The words were hardly out of her mouth, when Lebedeff dragged Vera forward, in order to present her.

"Orphans, poor orphans!" he began in a pathetic voice.

"The child she carries is an orphan, too. She is Vera's sister, my daughter Luboff. The day this babe was born, six weeks ago, my wife died, by the will of God Almighty . . . . Yes . . . Vera takes her mother's place, though she is but her sister . . . nothing more . . . nothing more . . . "

"And you! You are nothing more than a fool, if you'll excuse me! Well! well! you know that yourself, I expect," said the lady indignantly.

Lebedeff bowed low. "It is the truth," he replied, with extreme respect.

"Oh, Mr. Lebedeff, I am told you lecture on the Apocalypse. Is it true?" asked Aglaya.

"Yes, that is so . . . for the last fifteen years."

"I have heard of you, and I think read of you in the newspapers."

"No, that was another commentator, whom the papers named. He is dead, however, and I have taken his place," said the other, much delighted.

"We are neighbours, so will you be so kind as to come over one day and explain the Apocalypse to me?" said Aglaya. "I do not understand it in the least."

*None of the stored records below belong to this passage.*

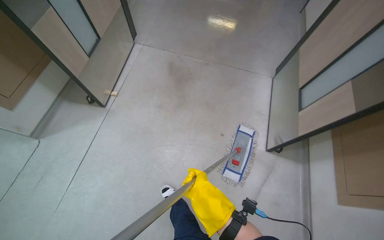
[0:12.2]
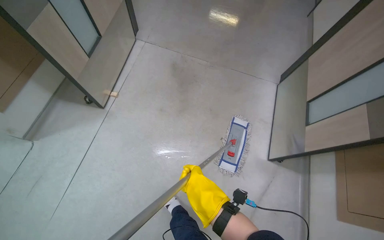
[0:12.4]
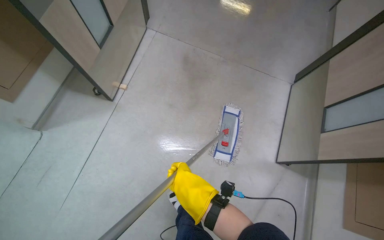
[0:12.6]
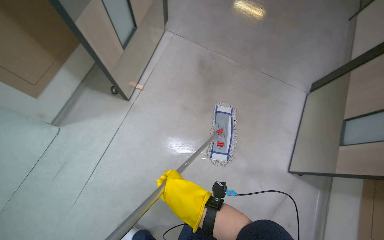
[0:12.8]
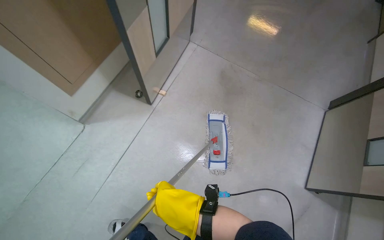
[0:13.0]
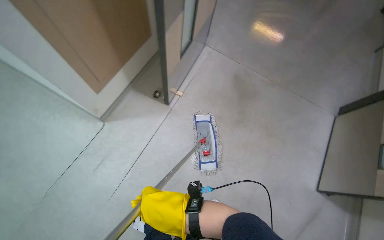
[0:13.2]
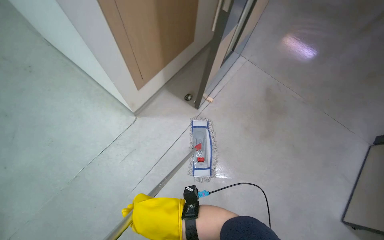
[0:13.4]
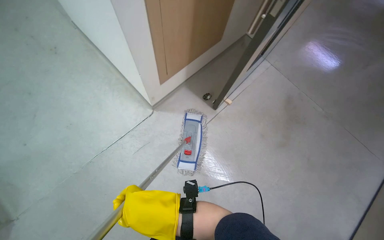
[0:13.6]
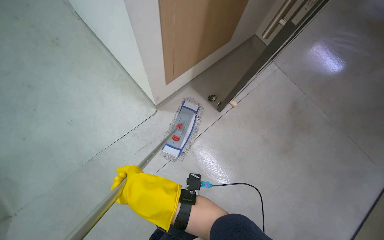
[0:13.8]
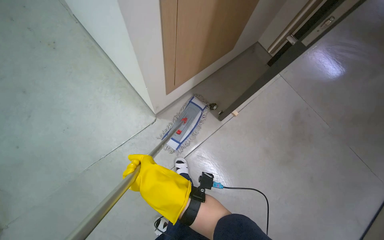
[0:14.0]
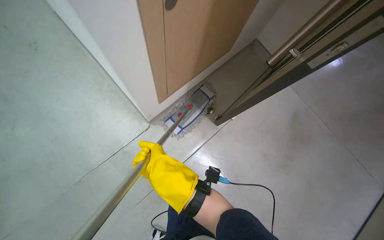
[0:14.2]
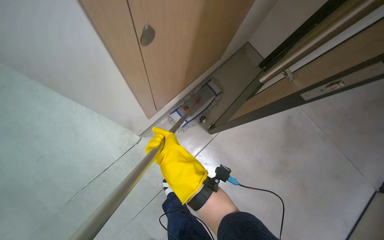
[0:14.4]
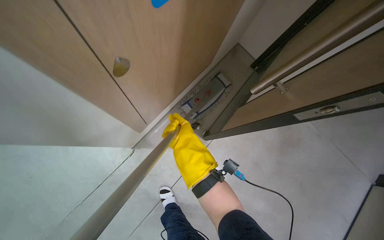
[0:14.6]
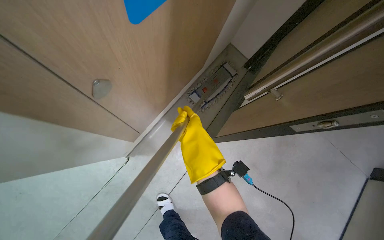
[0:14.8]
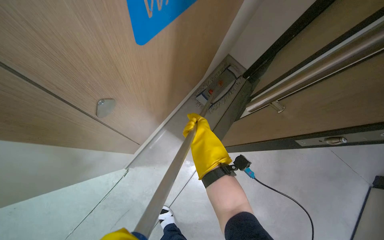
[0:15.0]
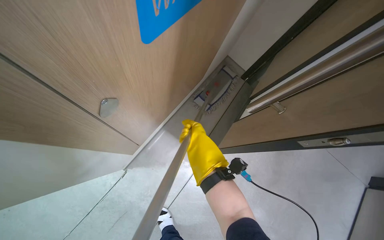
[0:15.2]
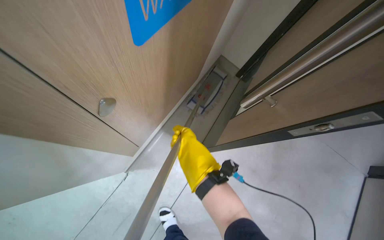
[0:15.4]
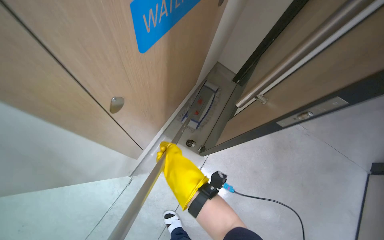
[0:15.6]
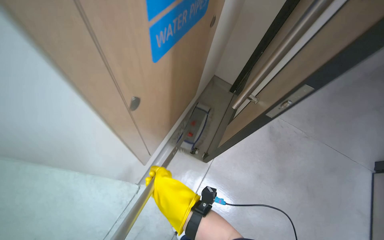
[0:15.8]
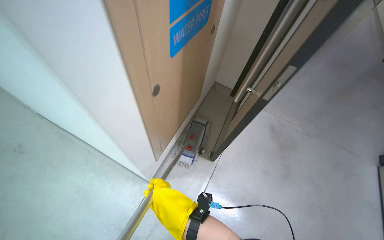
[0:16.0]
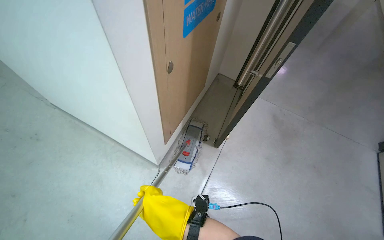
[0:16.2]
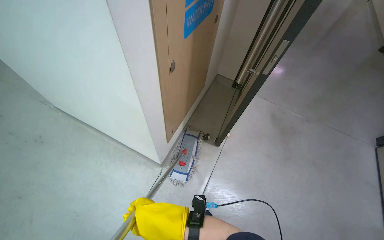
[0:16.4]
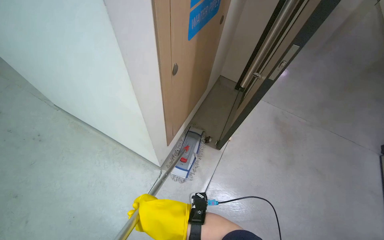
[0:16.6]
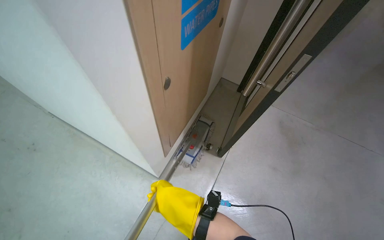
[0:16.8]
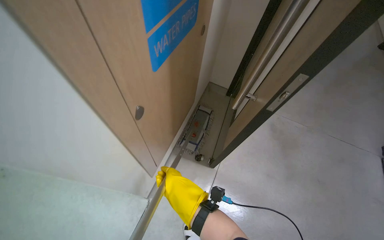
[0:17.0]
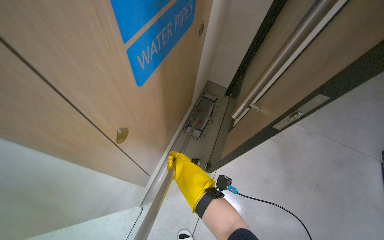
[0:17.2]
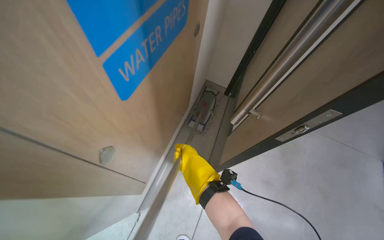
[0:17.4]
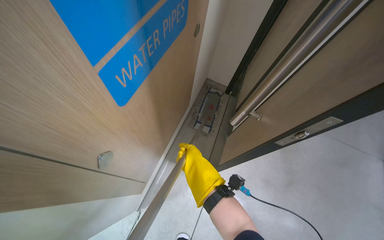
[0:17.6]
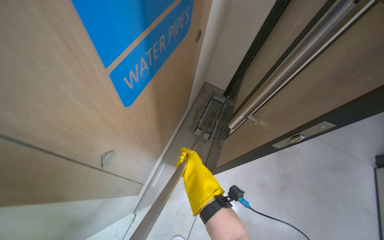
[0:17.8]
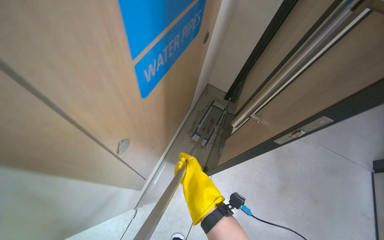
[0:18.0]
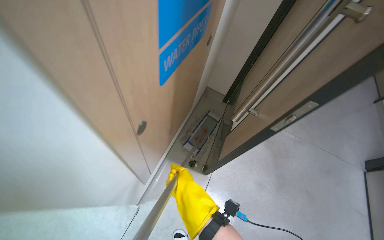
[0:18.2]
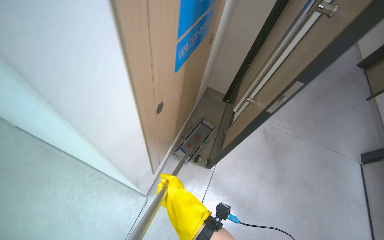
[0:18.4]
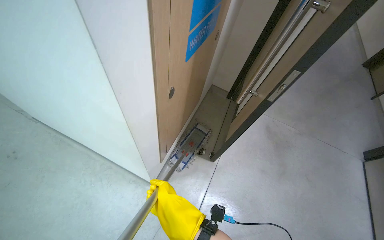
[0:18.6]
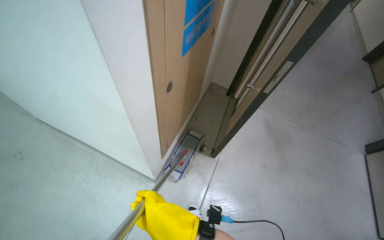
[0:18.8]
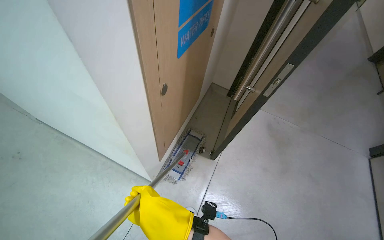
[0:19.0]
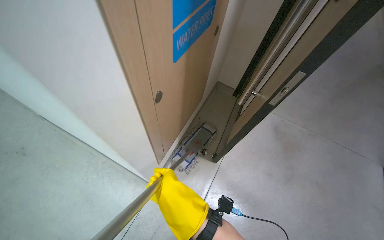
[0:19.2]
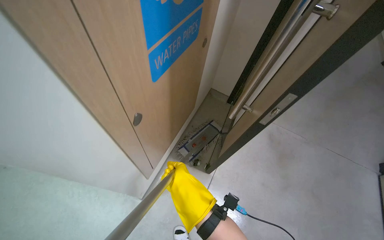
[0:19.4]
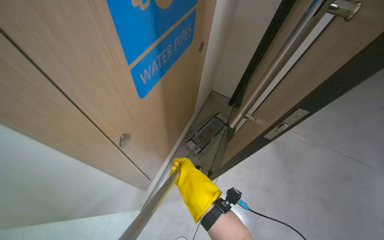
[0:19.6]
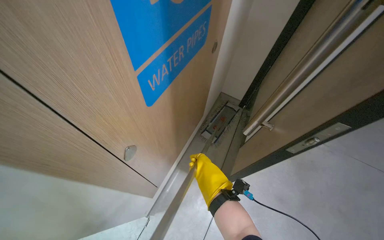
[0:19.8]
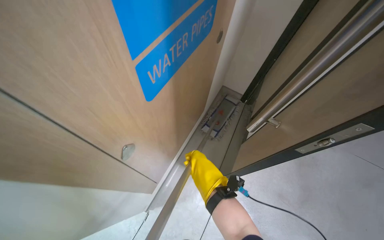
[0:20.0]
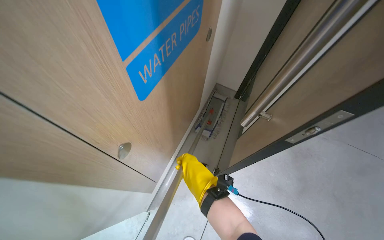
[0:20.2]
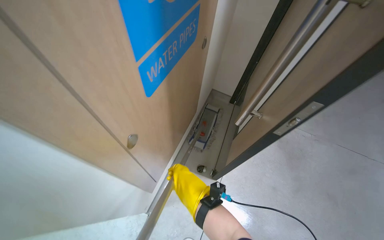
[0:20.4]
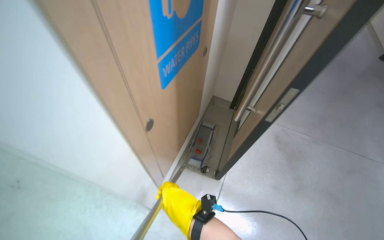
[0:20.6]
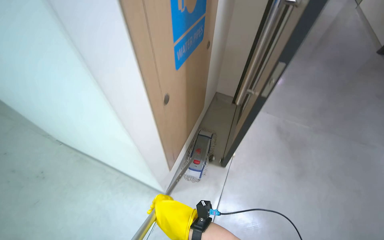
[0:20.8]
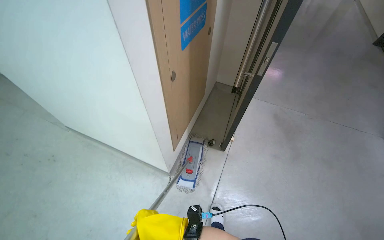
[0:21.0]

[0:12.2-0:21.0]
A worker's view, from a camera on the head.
Job: mopping floor.
The whole recording: Mopping hallway floor. The worker mops the hallway floor, wringing out the mop head and moving the cleaning cart as needed.
0:12.2 to 0:13.6: The head travels to the left, approximately 50 cm. The wearer's head swings about 35 degrees to the left.
0:13.6 to 0:15.2: The wearer moves roughly 60 cm.
0:15.2 to 0:16.6: The head travels roughly 40 cm. The view tilts roughly 15 degrees upward.
0:16.6 to 0:18.0: The right hand travels up the picture by roughly 35 cm.
0:18.0 to 0:19.6: The right hand reaches some 30 cm nearer to the camera, then returns.
0:19.6 to 0:21.0: The camera travels approximately 40 cm.

"Allow me to warn you," interposed General Ivolgin, "that he is the greatest charlatan on earth." He had taken the chair next to the girl, and was impatient to begin talking. "No doubt there are pleasures and amusements peculiar to the country," he continued, "and to listen to a pretended student holding forth on the book of the Revelations may be as good as any other. It may even be original. But . . . you seem to be looking at me with some surprise — may I introduce myself — General Ivolgin — I carried you in my arms as a baby — "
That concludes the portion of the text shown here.